Diferenciação das CTAds

As CTAds foram diferenciadas em adipócitos por tratamento com DMEM low, suplementado com 10% de SFB e dexametasona (1 µM), isobutilmetilxantina (0,5 µM), insulina (10 mg/mL) e indometacina (100 µM) por 14 dias.

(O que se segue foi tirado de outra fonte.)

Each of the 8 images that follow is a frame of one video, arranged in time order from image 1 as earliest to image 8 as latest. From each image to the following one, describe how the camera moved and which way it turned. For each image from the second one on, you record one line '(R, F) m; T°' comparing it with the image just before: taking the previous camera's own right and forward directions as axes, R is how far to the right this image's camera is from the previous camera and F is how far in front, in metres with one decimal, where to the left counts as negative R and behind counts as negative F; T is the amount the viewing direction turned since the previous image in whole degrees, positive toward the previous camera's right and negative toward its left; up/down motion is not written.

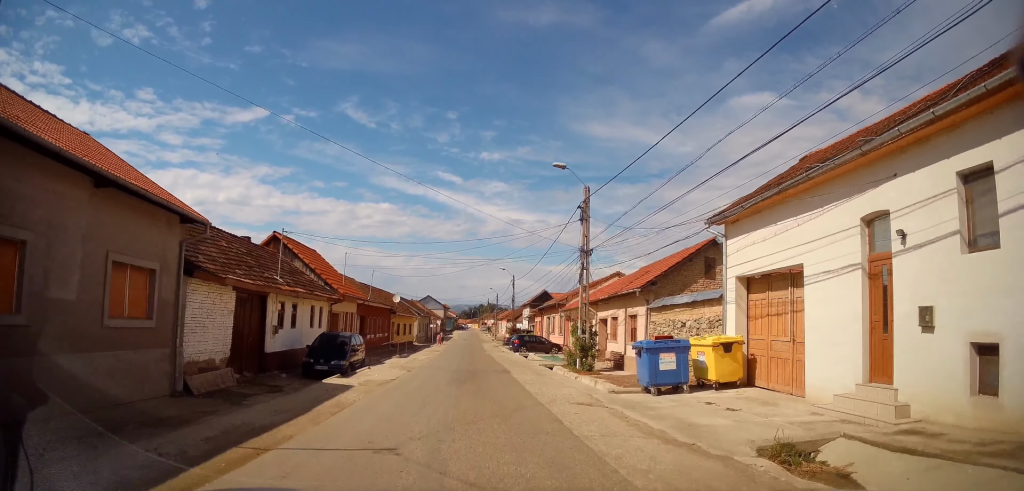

Diferenciação em osteoblasto as CTAds foram tratadas com SFB DMEM baixa glicose, suplementadas com 10% de dexametasona (0,1 µM), ácido ascórbico (0,2 µM) e fosfato beta-glicerol (10 mM) por 28 dias. Todos os reagentes foram adquiridos da Sigma-Aldrich.

Animal model de CKD

Camundongos fêmeas C57BL/6J, 8 semanas de idade, advindos do Centro de Desenvolvimento de Modelos Experimentais (CEDEME) da Universidade Federal de São Paulo (UNIFESP), foram submetidos à isquemia renal unilateral, como descrito por Burne-Taney et al(26). Os animais foram submetidos à incisão abdominal e seu pedículo renal direito foi dissecado. Um clamp microvascular (Rocca, São Paulo, SP, Brasil) foi colocado no pedículo renal esquerdo por 60 minutos, sendo os animais mantidos a temperatura próxima de 37ºC. Os animais foram monitorizados e mantidos por 24 horas, 6 e 10 semanas antes do sacrifício. Animais Sham foram submetidos ao mesmo procedimento cirúrgico, porém não houve clampeamento da artéria renal. Todos os procedimentos experimentais foram aprovados pelo Comitê de Ética em Pesquisa da UNIFESP (CEP processo n.º 1915/2008).

Tratamento com CTAds

Após 4 horas do procedimento cirúrgico, um grupo de animais recebeu intraperitonealmente CTAd e foram sacrificados 24 horas e 6 semanas após a cirurgia. Outro grupo recebeu CTAd intraperitoneal após 6 semanas da cirurgia, e foi sacrificado na 10a semana. Cerca de 2×105 células foram administradas a cada animal.

Avaliação da função renal

A creatinina sérica foi medida pelo método de Jaffé modificado. Ureia sérica foi medida utilizando kit Labtest (Labtest, Lagoa Santa, MG, Brasil).

Morfologia

Os rins dos animais sacrificados na 6a e 10a semana pós-isquemia foram analisados pelas colorações de Masson e Picrosirius. Para os exames histológicos, os rins foram fixados em formol tamponado 10% por 24 horas, lavados com etanol 70% por 24 horas e, em seguida, embebidos em parafina. Os cortes histológicos apresentavam espessura de 4 µm. Para avaliar o grau de expansão do interstício renal, a fração do córtex renal ocupado por tecido intersticial colorado positivamente para componentes da matriz extracelular (colágeno) foi avaliado quantitativamente por Masson por meio de uma técnica de contagem de pontos consecutivos em campos microscópicos, com aumento final de x 100 em uma grade de 176 pontos. Picrosirius foi medido com uma ampliação de 20 x usando o NIS-Element, programa de elementos de microscopia Nikon, com pelo menos 20 campos consecutivos. Necrose tubular aguda (NTA) foi avaliada em cortes de rim corados com hematoxilina-eosina por um revisor cego.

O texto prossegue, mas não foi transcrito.